Data excerpts
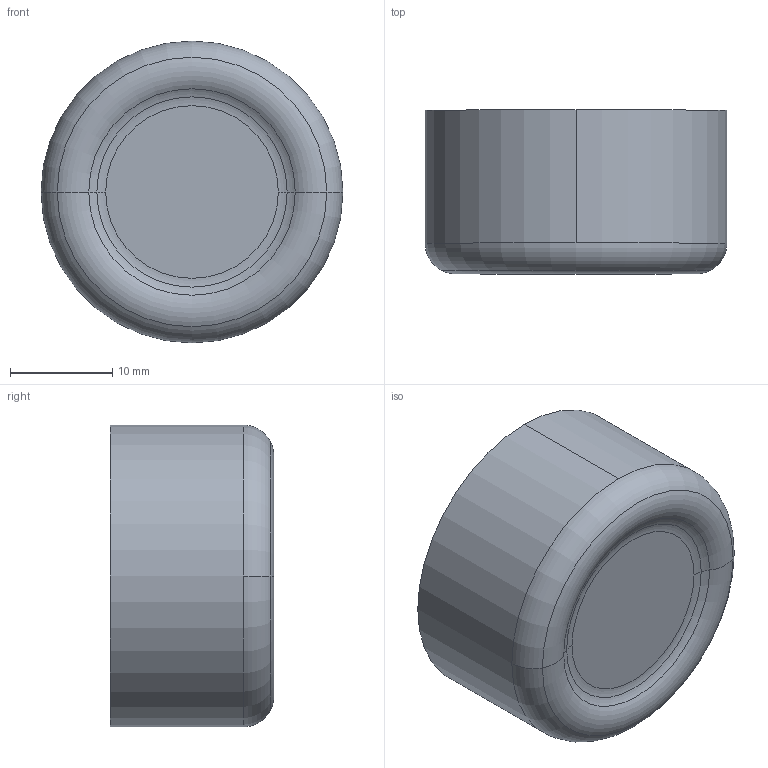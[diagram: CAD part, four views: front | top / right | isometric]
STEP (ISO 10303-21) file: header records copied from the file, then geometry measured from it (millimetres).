
FILE_DESCRIPTION((''),'2;1');
FILE_NAME('APBF','2022-04-12T11:43:09',('klemen.sitar'),('Audax d.o.o.'),'CREO PARAMETRIC BY PTC INC, 2021304','CREO PARAMETRIC BY PTC INC, 2021304','');
FILE_SCHEMA(('AP242_MANAGED_MODEL_BASED_3D_ENGINEERING_MIM_LF { 1 0 10303 442 1 1 4 }'));
Length unit declared in the file: metre
Products named in the file (1): APBF
Bounding box: 29.5 x 16 x 29.5 mm (x, y, z)
Volume: 2506.8 mm3; surface area: 4256.5 mm2
Topology: 1 solids, 1 shells, 46 faces, 108 edges, 66 vertices
Faces by surface type: torus 32, cylinder 10, plane 4
Entity records: 2139 total; most frequent: COLOUR_RGB 336, DIRECTION 300, CARTESIAN_POINT 223, ORIENTED_EDGE 216, AXIS2_PLACEMENT_3D 145, EDGE_CURVE 108, CIRCLE 98, VERTEX_POINT 66
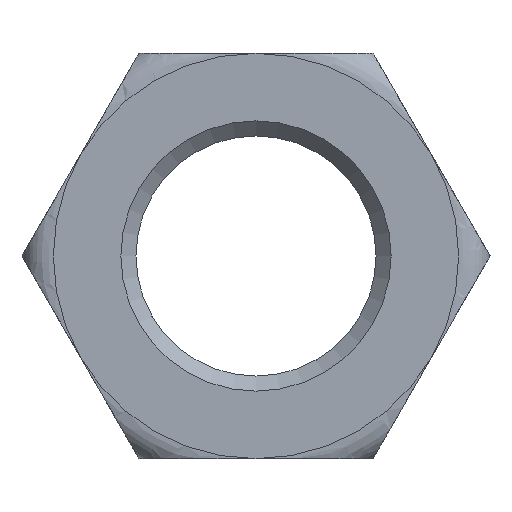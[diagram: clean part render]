
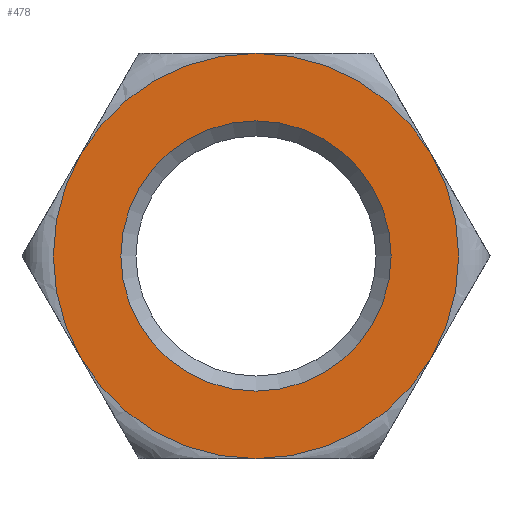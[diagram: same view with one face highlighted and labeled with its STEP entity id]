
A CAD part, front view. The second image highlights one B-rep face of the part: STEP entity #478.
In plain terms, the highlighted planar face has unit normal (0, -1, 0).
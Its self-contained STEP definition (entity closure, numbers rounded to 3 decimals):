
#3 = CARTESIAN_POINT ( 'NONE',  ( 0., -7.5, -13.5 ) ) ;
#9 = DIRECTION ( 'NONE',  ( 0., 1., 0. ) ) ;
#29 = CARTESIAN_POINT ( 'NONE',  ( 0., -7.5, 0. ) ) ;
#60 = ORIENTED_EDGE ( 'NONE', *, *, #706, .F. ) ;
#79 = VERTEX_POINT ( 'NONE', #973 ) ;
#104 = CIRCLE ( 'NONE', #734, 13.5 ) ;
#121 = CIRCLE ( 'NONE', #722, 13.5 ) ;
#122 = AXIS2_PLACEMENT_3D ( 'NONE', #1014, #190, #662 ) ;
#124 = CARTESIAN_POINT ( 'NONE',  ( 0., -7.5, 0. ) ) ;
#126 = DIRECTION ( 'NONE',  ( 1., 0., 0. ) ) ;
#130 = DIRECTION ( 'NONE',  ( 1., 0., 0. ) ) ;
#137 = DIRECTION ( 'NONE',  ( 0., 1., 0. ) ) ;
#155 = DIRECTION ( 'NONE',  ( -1., 0., 0. ) ) ;
#165 = EDGE_CURVE ( 'NONE', #621, #287, #909, .T. ) ;
#180 = ORIENTED_EDGE ( 'NONE', *, *, #654, .F. ) ;
#184 = DIRECTION ( 'NONE',  ( 1., 0., 0. ) ) ;
#190 = DIRECTION ( 'NONE',  ( 0., 1., 0. ) ) ;
#223 = CARTESIAN_POINT ( 'NONE',  ( 0., -7.5, 0. ) ) ;
#224 = CARTESIAN_POINT ( 'NONE',  ( 0., -7.5, 0. ) ) ;
#287 = VERTEX_POINT ( 'NONE', #624 ) ;
#320 = EDGE_CURVE ( 'NONE', #766, #548, #791, .T. ) ;
#396 = EDGE_CURVE ( 'NONE', #287, #766, #1009, .T. ) ;
#399 = CIRCLE ( 'NONE', #988, 13.5 ) ;
#401 = CARTESIAN_POINT ( 'NONE',  ( 0., -7.5, 0. ) ) ;
#406 = CARTESIAN_POINT ( 'NONE',  ( 0., -7.5, 13.5 ) ) ;
#413 = DIRECTION ( 'NONE',  ( 0., 1., 0. ) ) ;
#434 = ORIENTED_EDGE ( 'NONE', *, *, #396, .F. ) ;
#455 = DIRECTION ( 'NONE',  ( 0., 1., 0. ) ) ;
#478 = ADVANCED_FACE ( 'NONE', ( #568, #908 ), #729, .F. ) ;
#496 = AXIS2_PLACEMENT_3D ( 'NONE', #401, #636, #726 ) ;
#527 = VERTEX_POINT ( 'NONE', #3 ) ;
#538 = ORIENTED_EDGE ( 'NONE', *, *, #165, .F. ) ;
#548 = VERTEX_POINT ( 'NONE', #828 ) ;
#568 = FACE_BOUND ( 'NONE', #598, .T. ) ;
#598 = EDGE_LOOP ( 'NONE', ( #747 ) ) ;
#621 = VERTEX_POINT ( 'NONE', #674 ) ;
#624 = CARTESIAN_POINT ( 'NONE',  ( -11.691, -7.5, 6.75 ) ) ;
#636 = DIRECTION ( 'NONE',  ( 0., 1., 0. ) ) ;
#654 = EDGE_CURVE ( 'NONE', #527, #621, #121, .T. ) ;
#657 = CARTESIAN_POINT ( 'NONE',  ( 0., -7.5, 0. ) ) ;
#662 = DIRECTION ( 'NONE',  ( 0., 0., 1. ) ) ;
#674 = CARTESIAN_POINT ( 'NONE',  ( -11.691, -7.5, -6.75 ) ) ;
#678 = DIRECTION ( 'NONE',  ( 0., 1., 0. ) ) ;
#680 = EDGE_LOOP ( 'NONE', ( #998, #60, #815, #434, #538, #180 ) ) ;
#687 = AXIS2_PLACEMENT_3D ( 'NONE', #903, #413, #155 ) ;
#692 = DIRECTION ( 'NONE',  ( 0., 1., 0. ) ) ;
#699 = VERTEX_POINT ( 'NONE', #789 ) ;
#706 = EDGE_CURVE ( 'NONE', #548, #79, #399, .T. ) ;
#708 = AXIS2_PLACEMENT_3D ( 'NONE', #657, #678, #184 ) ;
#722 = AXIS2_PLACEMENT_3D ( 'NONE', #124, #455, #130 ) ;
#726 = DIRECTION ( 'NONE',  ( 0., 0., 1. ) ) ;
#729 = PLANE ( 'NONE',  #496 ) ;
#734 = AXIS2_PLACEMENT_3D ( 'NONE', #29, #9, #1001 ) ;
#747 = ORIENTED_EDGE ( 'NONE', *, *, #972, .T. ) ;
#766 = VERTEX_POINT ( 'NONE', #406 ) ;
#789 = CARTESIAN_POINT ( 'NONE',  ( 0., -7.5, 9. ) ) ;
#791 = CIRCLE ( 'NONE', #1028, 13.5 ) ;
#792 = CIRCLE ( 'NONE', #122, 9. ) ;
#815 = ORIENTED_EDGE ( 'NONE', *, *, #320, .F. ) ;
#828 = CARTESIAN_POINT ( 'NONE',  ( 11.691, -7.5, 6.75 ) ) ;
#889 = EDGE_CURVE ( 'NONE', #79, #527, #104, .T. ) ;
#903 = CARTESIAN_POINT ( 'NONE',  ( 0., -7.5, 0. ) ) ;
#908 = FACE_OUTER_BOUND ( 'NONE', #680, .T. ) ;
#909 = CIRCLE ( 'NONE', #708, 13.5 ) ;
#944 = DIRECTION ( 'NONE',  ( 1., 0., 0. ) ) ;
#972 = EDGE_CURVE ( 'NONE', #699, #699, #792, .T. ) ;
#973 = CARTESIAN_POINT ( 'NONE',  ( 11.691, -7.5, -6.75 ) ) ;
#988 = AXIS2_PLACEMENT_3D ( 'NONE', #223, #692, #944 ) ;
#998 = ORIENTED_EDGE ( 'NONE', *, *, #889, .F. ) ;
#1001 = DIRECTION ( 'NONE',  ( 1., 0., 0. ) ) ;
#1009 = CIRCLE ( 'NONE', #687, 13.5 ) ;
#1014 = CARTESIAN_POINT ( 'NONE',  ( 0., -7.5, 0. ) ) ;
#1028 = AXIS2_PLACEMENT_3D ( 'NONE', #224, #137, #126 ) ;

_Task goal_
If a line in the entries above has the word "records", copy it.

_Expected answer_
STEP (ISO 10303-21) file: header records copied from the file, then geometry measured from it (millimetres).
Entity records: 2139 total; most frequent: COLOUR_RGB 336, DIRECTION 300, CARTESIAN_POINT 223, ORIENTED_EDGE 216, AXIS2_PLACEMENT_3D 145, EDGE_CURVE 108, CIRCLE 98, VERTEX_POINT 66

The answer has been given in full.